Diversity is having a seat at the table, inclusion is having a voice, and belonging is having that voice be heard.

We are all diverse

We all have our pasts, our lenses through which we see the world, our complexities. Connecting on a very human level, as individuals, is one of the first steps we can take in communicating about this highly contentious topic and starting to both build common ground while recognising and respecting each others’ uniqueness. One of my favourite ways to do this is to use the 32 questions to build closeness. Next time you’re looking to understand someone better, or if as a leader you want your teams to start bonding, I would highly recommend these. When we know each other on a human level it’s hard to create an “other” narrative in our minds. Give it a try. Notice how a sense of belonging makes you feel, and consider how an organisational culture where everyone has the security of belonging might thrive in these times of change. 

We are all accountable

Our cultures are defined by our daily actions and behaviours. Every single one of us makes choices, both conscious and sub-conscious, that contribute to the culture in which we operate. Never underestimate the contagious nature of your behaviours. If you choose to hear the voices of others, you are taking steps towards a culture of belonging. If you help to amplify those that are quieter but deserve to be heard, you are leading towards a culture of belonging. A culture of belonging builds psychological security, and that in turn drives the positive momentum of inclusion > belonging > more psychological security. It drives innovation, creativity and builds adaptability across an organisation. 
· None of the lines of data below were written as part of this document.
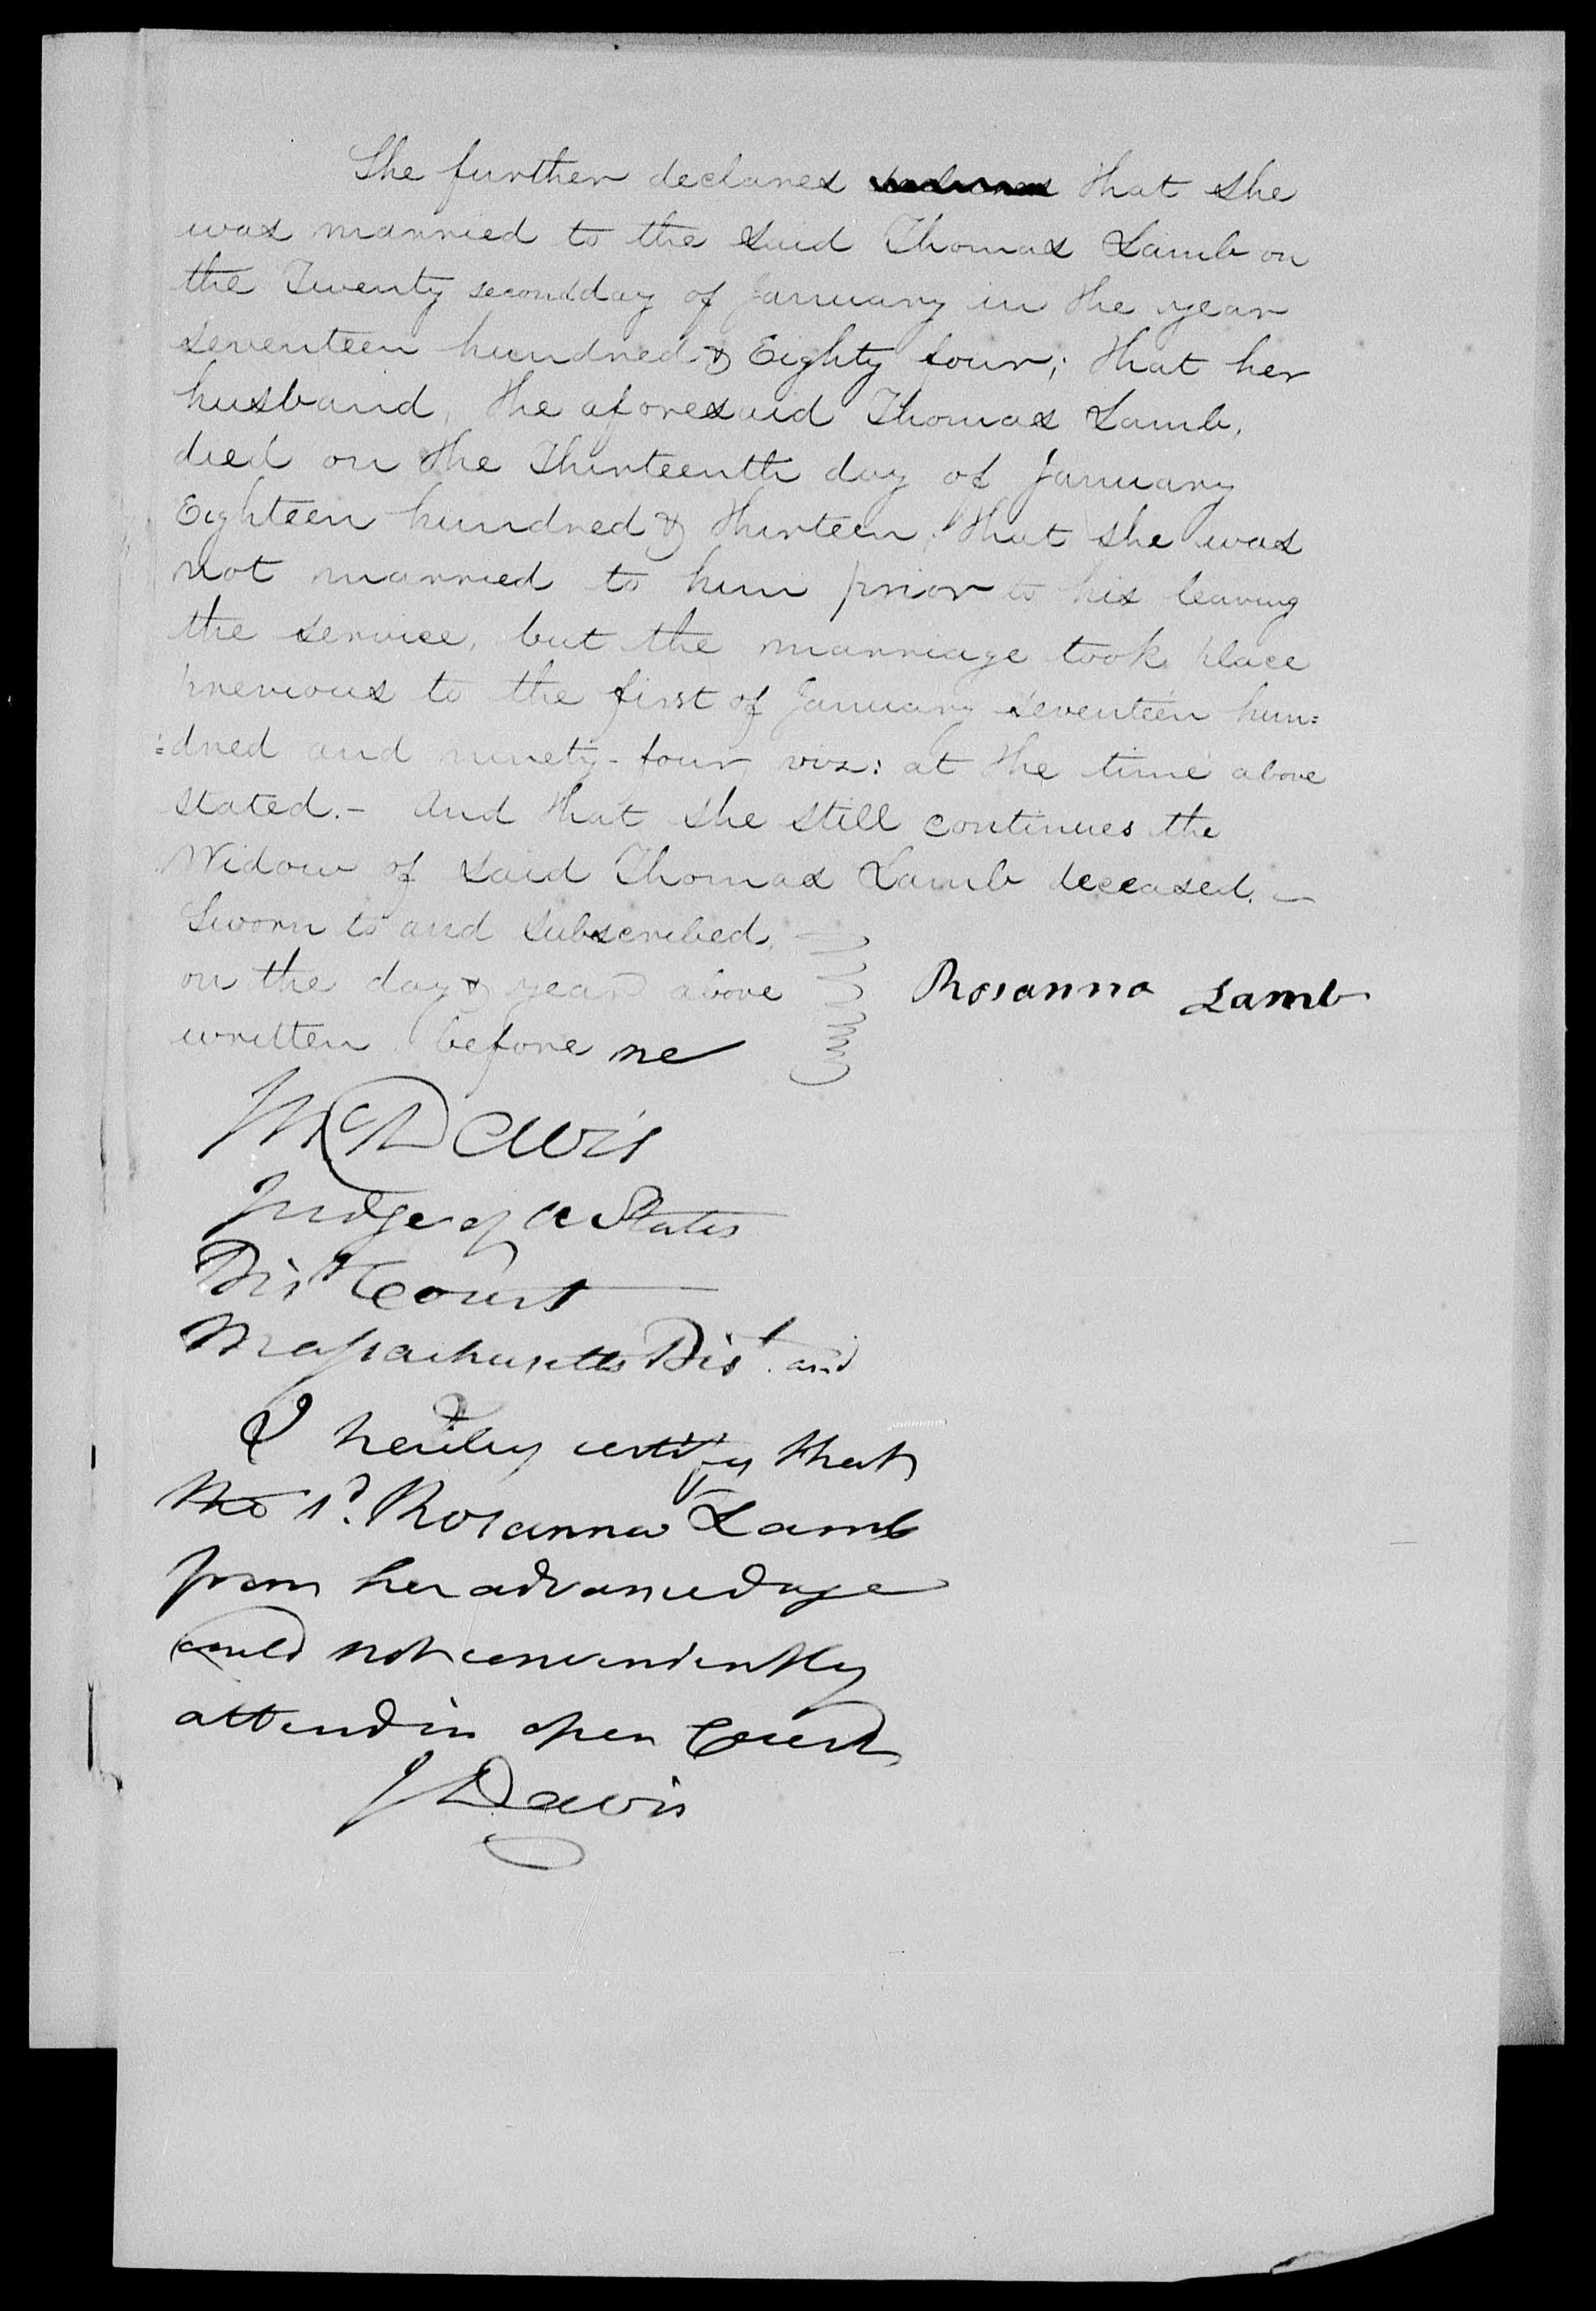She further declares that she was married to the said Thomas Lamb on the Twenty second day of January in the year seventeen hundred & eighty four; that her husband, the aforesaid Thomas Lamb, died on the Thirteenth day of January Eighteen hundred & thirteen; that she was not married to him prior to his leaving the service, but the marriage took place previous to the first of January seventeen hundred and seventy-four viz: at the time above stated. And that she still continues the Widow of said Thomas Lamb deceased.
Rosanna Lamb
Sworn to and subscribed on the day & year above written before me
John Davis
Judge of the States Dist. Court
Massachusetts Dist and I hereby certify that the said Rosanna Lamb from her advanced age could not convincingly attend in open Court
J Davis

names: Jno Davis; Rosanna Lamb; Thomas Lamb
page: 4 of 23
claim: widow's
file: W. 15010, for Thomas Lamb, Massachusetts
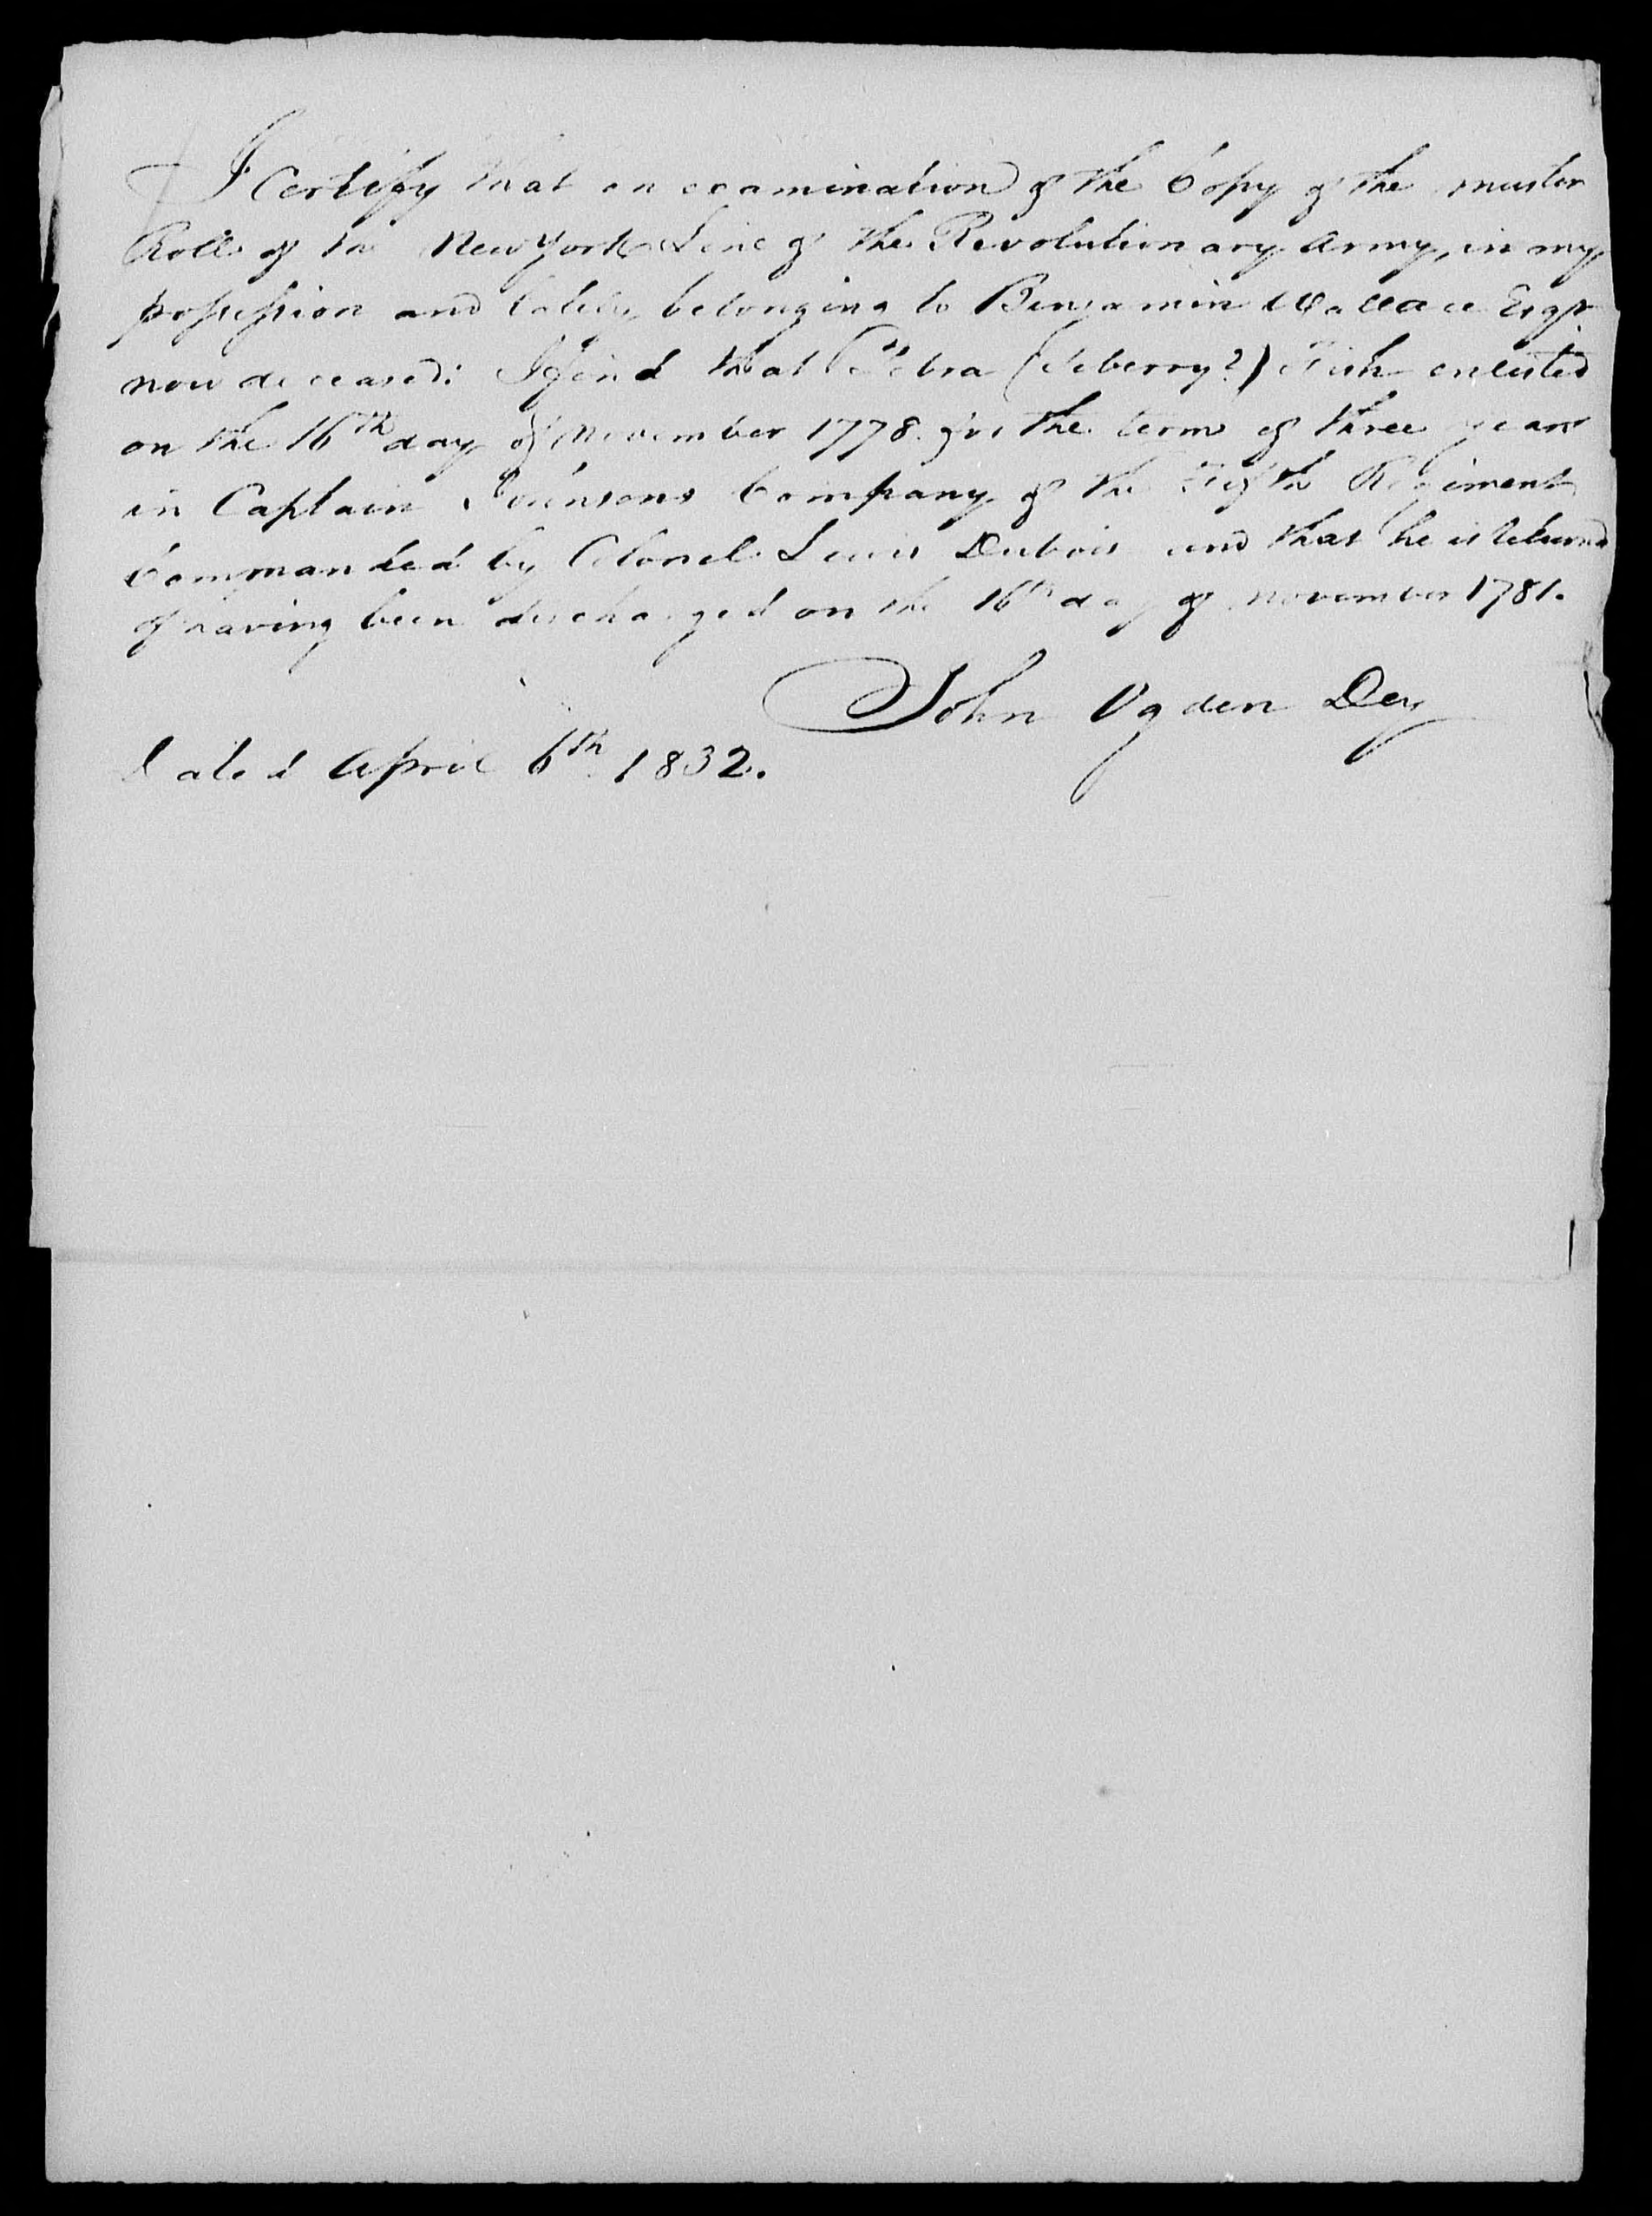[Handwritten record]

I Certify that on examination of the Copy of the muster Rolls of the New York Line of the Revolutionary Army, in my possession and lately belonging to Benjamin Wallace Esqr. now deceased:  I find that Zebra (Seberry?) Fish enlisted on the 16th day of november 1778. for the term of three years in Captain Johnsons Company of the [?] Fifth Regiment. Commanded by Colonel Lewis Dubois and that he is [here the following word is almost illegible, but it could have been:] Returnd [or ?Releeased or ?Recoernd] of having been discharged on the 16th day of november 1781.

John Ogden Dey
dated April 6th 1832.

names: Lewis Dubois, Zebra Fish, Benjamin Wallace, Seberry Fish, John Ogden
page: 13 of 26
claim: survivor's
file: S. 29797, Seberry Fish, New York

One point to note – we are all accountable, but let me be clear, this starts with leadership, then management, then middle management. If you have the privilege to be in these roles then you cast a greater light or greater shadow depending on your choices. Choose to be a light. 

We can all drive change 

Finally, it’s east to feel overwhelmed. Like we don’t have the time, or the energy, or the power to make a difference. But never underestimate the ripple effect of even the smallest changes. Acknowledging someone with a smile, a nod, even a “hi”. Asking what the correct way to pronounce someone’s name is. Noticing if someone is struggling and finding a time to gently ask if there is any way you can support them. Recognising the efforts of your colleagues and peers with a simple thank you. Listening, asking questions, being curious. And never letting something pass or be said when your gut tells you it’s not okay. You will never know how much of an impact the tiniest act of courage or compassion may have. Do it anyway. 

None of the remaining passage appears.